Substrate specificities and inhibition of two hemorrhagic zinc proteases Ht-c and Ht-d from Crotalus atrox venom.

The proteolytic specificities of two zinc hemorrhagic toxins (Ht-c and Ht-d), isolated from Crotalus atrox venom, were investigated by using the oxidized B chain of bovine insulin and synthetic peptide substrates. The enzymes cleaved the Ala14-Leu15 bond of the insulin B chain most rapidly and the Tyr16-Leu17 slightly more slowly. The His5-Leu6, His10-Leu11, and Gly23-Phe24 bonds were also cleaved but at considerably slower rates. In order to assess the substrate length preferences of the enzymes, peptide analogs of the B chain about the Ala14-Leu15 bond were synthesized ranging in length from four to seven residues. The heptapeptide NH2-Leu-Val-Glu-Ala-Leu-Tyr-Leu-COOH was the best peptide substrate tested with the other peptides having decreasing kcat/Km values with decreasing length. The tetrapeptide NH2-Ala-Leu-Tyr-Leu-COOH was not cleaved by the enzymes. Furthermore, this peptide was shown to serve as a competitive inhibitor of the toxins. The N-acetylated pentapeptides and hexapeptides, synthesized to probe the active site environment of the enzymes, were significantly better substrates than their unacetylated counterparts. The toxins had the highest kcat/Km values for the acetylated peptide Ac-Val-Ala-Leu-Leu-Ala-COOH. The data suggest that the toxins may indeed have extended substrate-binding sites, which may accommodate at least six amino acid residues.
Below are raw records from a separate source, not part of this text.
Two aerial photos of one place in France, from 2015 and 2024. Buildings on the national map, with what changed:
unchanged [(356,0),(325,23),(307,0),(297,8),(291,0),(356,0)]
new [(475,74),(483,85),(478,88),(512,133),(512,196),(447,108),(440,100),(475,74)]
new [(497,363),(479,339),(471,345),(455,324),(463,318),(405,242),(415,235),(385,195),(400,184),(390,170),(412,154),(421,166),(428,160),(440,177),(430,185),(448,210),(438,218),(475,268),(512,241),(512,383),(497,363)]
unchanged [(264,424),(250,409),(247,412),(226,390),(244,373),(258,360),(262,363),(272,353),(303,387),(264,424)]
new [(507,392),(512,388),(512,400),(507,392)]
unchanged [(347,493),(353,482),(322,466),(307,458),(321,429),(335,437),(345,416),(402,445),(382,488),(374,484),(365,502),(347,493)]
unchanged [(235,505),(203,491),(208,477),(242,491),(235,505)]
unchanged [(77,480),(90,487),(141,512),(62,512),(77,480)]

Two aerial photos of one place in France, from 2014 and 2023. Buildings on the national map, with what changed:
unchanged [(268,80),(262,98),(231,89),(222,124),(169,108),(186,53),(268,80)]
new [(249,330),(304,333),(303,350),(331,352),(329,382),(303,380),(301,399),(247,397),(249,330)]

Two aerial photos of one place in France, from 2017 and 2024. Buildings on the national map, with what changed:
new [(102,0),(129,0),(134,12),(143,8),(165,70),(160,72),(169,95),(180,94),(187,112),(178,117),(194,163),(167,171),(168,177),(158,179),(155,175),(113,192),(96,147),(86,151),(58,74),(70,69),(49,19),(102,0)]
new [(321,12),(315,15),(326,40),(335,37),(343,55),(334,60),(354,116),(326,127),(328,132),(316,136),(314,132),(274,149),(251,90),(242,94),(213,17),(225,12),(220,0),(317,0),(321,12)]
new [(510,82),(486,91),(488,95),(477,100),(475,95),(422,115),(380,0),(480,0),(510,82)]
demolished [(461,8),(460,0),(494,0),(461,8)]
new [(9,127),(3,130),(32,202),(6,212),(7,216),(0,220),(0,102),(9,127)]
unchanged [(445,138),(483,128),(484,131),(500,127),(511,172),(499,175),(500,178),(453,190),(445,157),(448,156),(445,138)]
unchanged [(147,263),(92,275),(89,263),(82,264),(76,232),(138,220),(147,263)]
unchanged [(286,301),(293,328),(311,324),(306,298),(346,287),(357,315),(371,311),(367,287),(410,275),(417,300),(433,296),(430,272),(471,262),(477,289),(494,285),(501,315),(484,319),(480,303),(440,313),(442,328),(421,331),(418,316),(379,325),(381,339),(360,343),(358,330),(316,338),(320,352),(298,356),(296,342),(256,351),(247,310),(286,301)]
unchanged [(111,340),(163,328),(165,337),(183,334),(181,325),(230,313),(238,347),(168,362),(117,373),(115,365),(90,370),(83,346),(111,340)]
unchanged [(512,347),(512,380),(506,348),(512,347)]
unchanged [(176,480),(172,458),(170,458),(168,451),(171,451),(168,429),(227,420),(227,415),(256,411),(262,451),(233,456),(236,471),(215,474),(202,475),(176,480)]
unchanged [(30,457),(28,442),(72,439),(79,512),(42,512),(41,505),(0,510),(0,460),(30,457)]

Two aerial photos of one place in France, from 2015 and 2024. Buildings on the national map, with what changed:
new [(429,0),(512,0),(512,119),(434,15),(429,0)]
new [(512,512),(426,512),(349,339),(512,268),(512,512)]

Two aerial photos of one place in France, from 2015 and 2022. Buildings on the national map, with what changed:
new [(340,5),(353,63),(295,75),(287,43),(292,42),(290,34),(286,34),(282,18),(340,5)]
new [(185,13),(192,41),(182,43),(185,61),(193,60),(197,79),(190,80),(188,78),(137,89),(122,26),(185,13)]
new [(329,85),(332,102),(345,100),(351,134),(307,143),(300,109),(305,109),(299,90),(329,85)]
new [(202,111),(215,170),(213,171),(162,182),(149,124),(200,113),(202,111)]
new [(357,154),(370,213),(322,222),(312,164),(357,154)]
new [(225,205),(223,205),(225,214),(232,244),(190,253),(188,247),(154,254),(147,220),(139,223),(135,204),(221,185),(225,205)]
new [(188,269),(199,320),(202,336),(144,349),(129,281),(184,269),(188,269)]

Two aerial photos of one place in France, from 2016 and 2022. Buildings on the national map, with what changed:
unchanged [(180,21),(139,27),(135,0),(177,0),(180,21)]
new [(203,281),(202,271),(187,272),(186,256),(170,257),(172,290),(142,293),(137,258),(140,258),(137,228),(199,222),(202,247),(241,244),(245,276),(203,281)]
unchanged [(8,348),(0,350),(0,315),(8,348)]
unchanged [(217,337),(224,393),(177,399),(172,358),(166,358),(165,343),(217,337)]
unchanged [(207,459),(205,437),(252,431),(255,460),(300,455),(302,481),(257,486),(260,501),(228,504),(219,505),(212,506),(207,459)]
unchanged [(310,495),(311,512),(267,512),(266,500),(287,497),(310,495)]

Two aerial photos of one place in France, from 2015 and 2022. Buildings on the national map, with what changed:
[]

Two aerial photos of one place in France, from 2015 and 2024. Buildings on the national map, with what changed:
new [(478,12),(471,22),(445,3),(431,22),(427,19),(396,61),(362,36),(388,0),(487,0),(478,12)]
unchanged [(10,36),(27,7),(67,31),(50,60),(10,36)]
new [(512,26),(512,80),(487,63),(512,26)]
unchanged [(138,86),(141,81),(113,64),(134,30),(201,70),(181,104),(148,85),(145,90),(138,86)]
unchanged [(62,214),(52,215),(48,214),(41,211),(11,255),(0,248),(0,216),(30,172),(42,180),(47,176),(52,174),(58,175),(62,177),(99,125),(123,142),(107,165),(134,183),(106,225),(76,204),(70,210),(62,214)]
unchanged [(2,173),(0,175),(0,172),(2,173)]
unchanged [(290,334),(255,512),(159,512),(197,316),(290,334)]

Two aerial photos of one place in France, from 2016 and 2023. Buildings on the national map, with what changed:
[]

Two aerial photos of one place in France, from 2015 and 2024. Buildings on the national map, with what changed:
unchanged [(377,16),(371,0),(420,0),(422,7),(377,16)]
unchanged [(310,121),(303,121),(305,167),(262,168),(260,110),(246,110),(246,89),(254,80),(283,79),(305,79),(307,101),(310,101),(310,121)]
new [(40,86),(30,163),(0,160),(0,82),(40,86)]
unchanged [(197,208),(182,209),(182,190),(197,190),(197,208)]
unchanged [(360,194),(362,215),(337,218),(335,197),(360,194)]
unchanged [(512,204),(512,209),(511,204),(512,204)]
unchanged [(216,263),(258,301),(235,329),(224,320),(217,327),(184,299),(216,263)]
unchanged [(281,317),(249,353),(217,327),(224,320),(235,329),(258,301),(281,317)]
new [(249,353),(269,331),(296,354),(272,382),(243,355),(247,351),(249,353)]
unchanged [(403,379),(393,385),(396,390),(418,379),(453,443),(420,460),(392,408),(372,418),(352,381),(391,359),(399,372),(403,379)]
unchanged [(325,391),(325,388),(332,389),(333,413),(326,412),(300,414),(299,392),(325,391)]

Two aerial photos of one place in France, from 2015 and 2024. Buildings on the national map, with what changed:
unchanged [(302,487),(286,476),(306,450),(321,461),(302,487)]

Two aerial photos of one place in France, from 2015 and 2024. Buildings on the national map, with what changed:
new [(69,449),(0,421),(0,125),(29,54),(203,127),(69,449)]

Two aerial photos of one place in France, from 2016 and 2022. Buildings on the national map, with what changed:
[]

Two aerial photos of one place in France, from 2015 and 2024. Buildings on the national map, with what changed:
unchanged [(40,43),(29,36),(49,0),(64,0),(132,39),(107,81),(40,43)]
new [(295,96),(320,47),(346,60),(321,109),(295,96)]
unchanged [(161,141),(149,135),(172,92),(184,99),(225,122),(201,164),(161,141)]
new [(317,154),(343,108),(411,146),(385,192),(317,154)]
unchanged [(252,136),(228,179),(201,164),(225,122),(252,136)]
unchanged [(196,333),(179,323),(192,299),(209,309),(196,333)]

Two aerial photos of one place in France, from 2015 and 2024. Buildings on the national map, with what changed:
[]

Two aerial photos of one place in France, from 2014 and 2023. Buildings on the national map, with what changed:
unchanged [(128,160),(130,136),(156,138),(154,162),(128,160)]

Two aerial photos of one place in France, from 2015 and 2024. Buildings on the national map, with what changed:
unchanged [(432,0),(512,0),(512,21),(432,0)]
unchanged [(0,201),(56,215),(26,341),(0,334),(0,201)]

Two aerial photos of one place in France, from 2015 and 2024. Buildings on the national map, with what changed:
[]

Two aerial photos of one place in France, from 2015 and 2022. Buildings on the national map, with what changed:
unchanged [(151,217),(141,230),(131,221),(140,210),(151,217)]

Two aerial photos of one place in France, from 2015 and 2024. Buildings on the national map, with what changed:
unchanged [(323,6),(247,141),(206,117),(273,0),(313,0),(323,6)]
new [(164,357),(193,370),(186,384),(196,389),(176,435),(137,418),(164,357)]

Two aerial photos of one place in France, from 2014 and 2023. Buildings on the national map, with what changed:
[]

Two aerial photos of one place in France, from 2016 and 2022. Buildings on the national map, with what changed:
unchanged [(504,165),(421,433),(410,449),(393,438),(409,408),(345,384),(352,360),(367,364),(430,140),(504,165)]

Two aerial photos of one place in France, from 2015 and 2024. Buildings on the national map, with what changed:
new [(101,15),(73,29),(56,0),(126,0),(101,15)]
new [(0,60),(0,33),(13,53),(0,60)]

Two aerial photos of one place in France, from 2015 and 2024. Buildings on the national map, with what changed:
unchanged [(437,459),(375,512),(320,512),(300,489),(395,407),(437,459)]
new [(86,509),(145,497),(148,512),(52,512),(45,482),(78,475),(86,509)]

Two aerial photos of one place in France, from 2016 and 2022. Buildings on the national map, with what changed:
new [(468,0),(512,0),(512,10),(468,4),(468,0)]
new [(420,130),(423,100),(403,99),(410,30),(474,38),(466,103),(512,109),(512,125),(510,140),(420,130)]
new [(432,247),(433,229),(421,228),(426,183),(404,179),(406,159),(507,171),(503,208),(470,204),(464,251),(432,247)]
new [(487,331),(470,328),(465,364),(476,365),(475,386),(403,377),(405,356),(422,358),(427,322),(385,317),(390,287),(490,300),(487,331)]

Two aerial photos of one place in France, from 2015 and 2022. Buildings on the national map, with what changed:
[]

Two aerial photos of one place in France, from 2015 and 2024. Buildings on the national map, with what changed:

The best substrate examined thus far for the toxins is the fluorogenic peptide analog 2-aminobenzoyl-Ala-Gly-Leu-Ala-4-nitrobenzylamide, suggestive of similarities between the toxins and mammalian collagenases as well as thermolysin. Mechanisms for inhibition of the enzymes were investigated using amino acid hydroxamates, chloromethyl esters, phosphoramidon and the peptide NH2-Ala-Leu-Tyr-Leu-COOH. All of these inhibitors had Ki values in the 10(-4) M range.